MYC Promotes Tumor Cell Intravasation through the Recruitment of Tumor-Associated Macrophages

To form distant metastases, cancer cells must navigate a series of events collectively referred to as the “metastatic cascade.” These events include (i) intravasation into the bloodstream or lymphatics, (ii) survival in the circulation, (iii) extravasation from the vessel, and (iv) growth and survival at the distant site (43). To determine the step(s) at which MYC was exerting its prometastatic effects, we began by measuring the number of circulating tumor cells (CTC) in orthotopically implanted MetHigh and MetLow tumors and in MetLow tumors engineered to overexpress Myc. Remarkably, CTCs arising from MetHigh and Myc_OE tumors were 38-fold and 17-fold more abundant than those arising from MetLow tumors (Fig. 4E), far greater than the approximately twofold increase in tumor weight resulting from Myc overexpression (Supplementary Fig. S6D). Next, we performed a tail vein metastasis assay, which bypasses the invasion step by introducing tumor cells directly into the bloodstream, and measured lung metastases. Surprisingly, in contrast to the orthotopic tumor experiment, there was no difference in the number of metastases between MetHigh and MetLow lines (Fig. 4F).
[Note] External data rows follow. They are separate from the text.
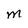
Character: M
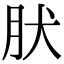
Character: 肰
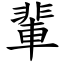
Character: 輩
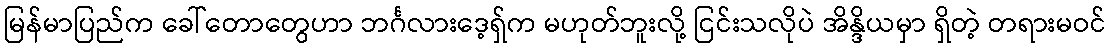
မြန်မာပြည်က ခေါ်တောတွေဟာ ဘင်္ဂလားဒေ့ရှ်က မဟုတ်ဘူးလို့ ငြင်းသလိုပဲ အိန္ဒိယမှာ ရှိတဲ့ တရားမဝင်
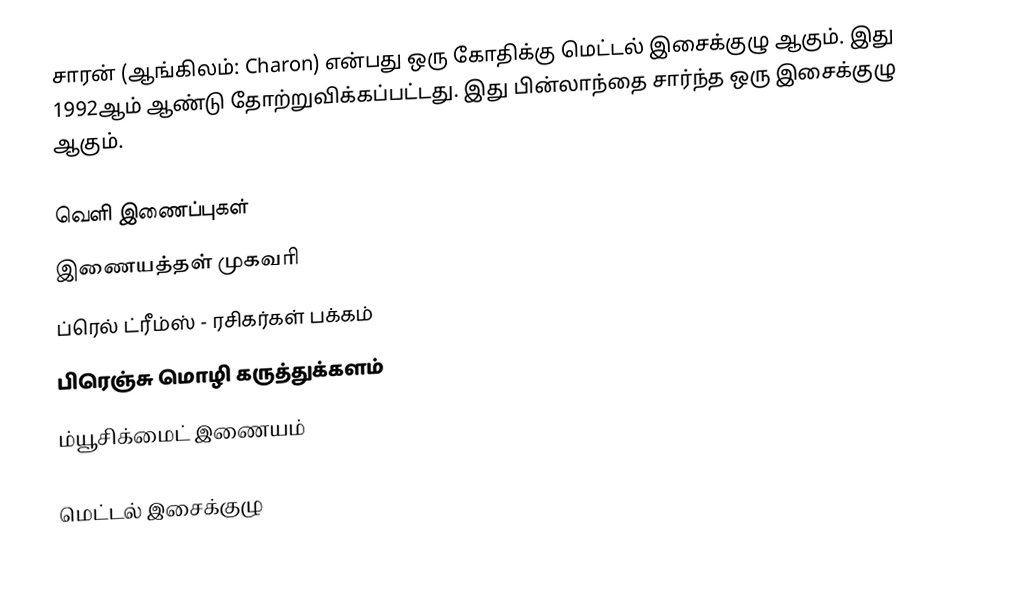
சாரன் (ஆங்கிலம்: Charon) என்பது ஒரு கோதிக்கு மெட்டல் இசைக்குழு ஆகும். இது 1992ஆம் ஆண்டு தோற்றுவிக்கப்பட்டது. இது பின்லாந்தை சார்ந்த ஒரு இசைக்குழு ஆகும்.

வெளி இணைப்புகள்
இணையத்தள் முகவரி
ப்ரெல் ட்ரீம்ஸ் - ரசிகர்கள் பக்கம்
பிரெஞ்சு மொழி கருத்துக்களம்
ம்யூசிக்மைட் இணையம்

மெட்டல் இசைக்குழு
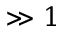
\gg 1
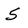
Character: 5
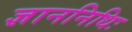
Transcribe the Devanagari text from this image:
ज्ञाननिधिः
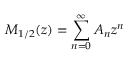
{ \cal M } _ { 1 / 2 } ( z ) = \sum _ { n = 0 } ^ { \infty } { \cal A } _ { n } z ^ { n }
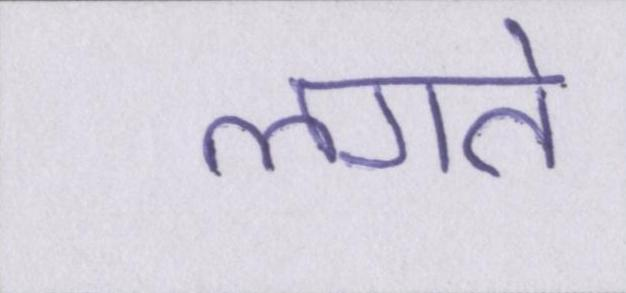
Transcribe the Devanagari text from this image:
लगते
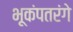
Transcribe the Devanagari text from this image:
भूकंपतरंगे
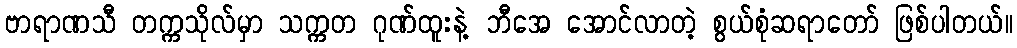
ဗာရာဏသီ တက္ကသိုလ်မှာ သက္ကတ ဂုဏ်ထူးနဲ့ ဘီအေ အောင်လာတဲ့ စွယ်စုံဆရာတော် ဖြစ်ပါတယ်။
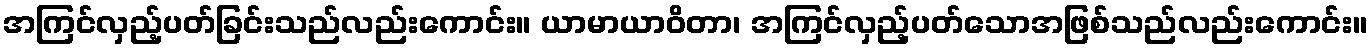
အကြင်လှည့်ပတ်ခြင်းသည်လည်းကောင်း။ ယာမာယာဝိတာ၊ အကြင်လှည့်ပတ်သောအဖြစ်သည်လည်းကောင်း။

Moreover, Myc overexpression had no effect on tumor cell survival in the circulation (Supplementary Fig. S6E–S6G). Taken together, these data suggest that MetHigh tumors achieve a higher metastatic rate principally by promoting cancer cell invasion into the circulation, which can be driven by increased Myc expression.
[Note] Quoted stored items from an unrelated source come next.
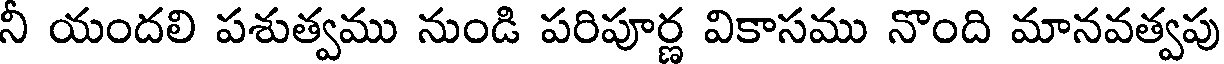
నీ యందలి పశుత్వము నుండి పరిపూర్ణ వికాసము నొంది మానవత్వపు
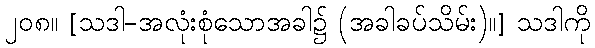
၂၀၈။ [သဒါ-အလုံးစုံသောအခါ၌ (အခါခပ်သိမ်း)။] သဒါကို
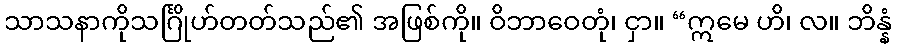
သာသနာကိုသင်္ဂြိုဟ်တတ်သည်၏ အဖြစ်ကို။ ဝိဘာဝေတုံ၊ ငှာ။ “ဣမေ ဟိ၊ လ။ ဘိန္နံ
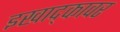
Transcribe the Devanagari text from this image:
इखाद्कावर
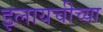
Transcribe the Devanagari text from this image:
इलायचीच्या
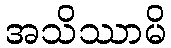
အသိဿာမိ
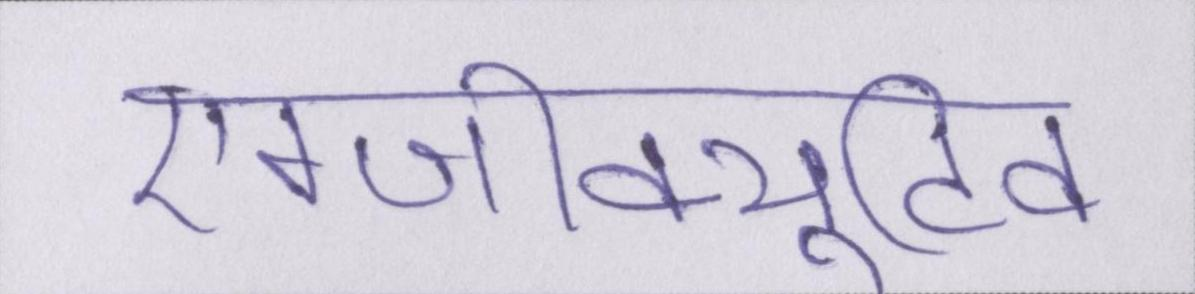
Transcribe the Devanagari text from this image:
एग्जीक्यूटिव
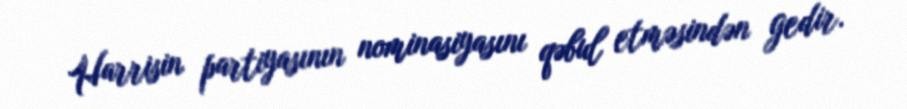
Harrisin partiyasının nominasiyasını qəbul etməsindən gedir.
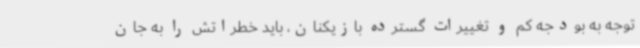
توجه به بودجه کم و تغییرات گسترده بازیکنان، باید خطراتش را به جان
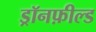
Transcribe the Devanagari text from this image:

Beyond activation of tumor cell intrinsic programs, MYC can also affect tumor phenotypes by altering the tumor immune microenvironment (TiME; refs. 44–46). Thus, we sought to determine if differences in MYC levels between MetHigh and MetLow tumors were associated with distinct TiMEs. To this end, we examined the immune composition of parental primary tumors by staining for markers of immune cells previously implicated in metastasis of PDAC and other cancers. Although MetHigh and MetLow tumors had a similar degree of neutrophil infiltration, MetHigh tumors had lower numbers of CD3+ T cells but were highly enriched for F4/80+ macrophages (Fig. 5A). Thus, compared with MetLow tumors, the TiME of MetHigh tumors contains an increased number of tumor-associated macrophages (TAM).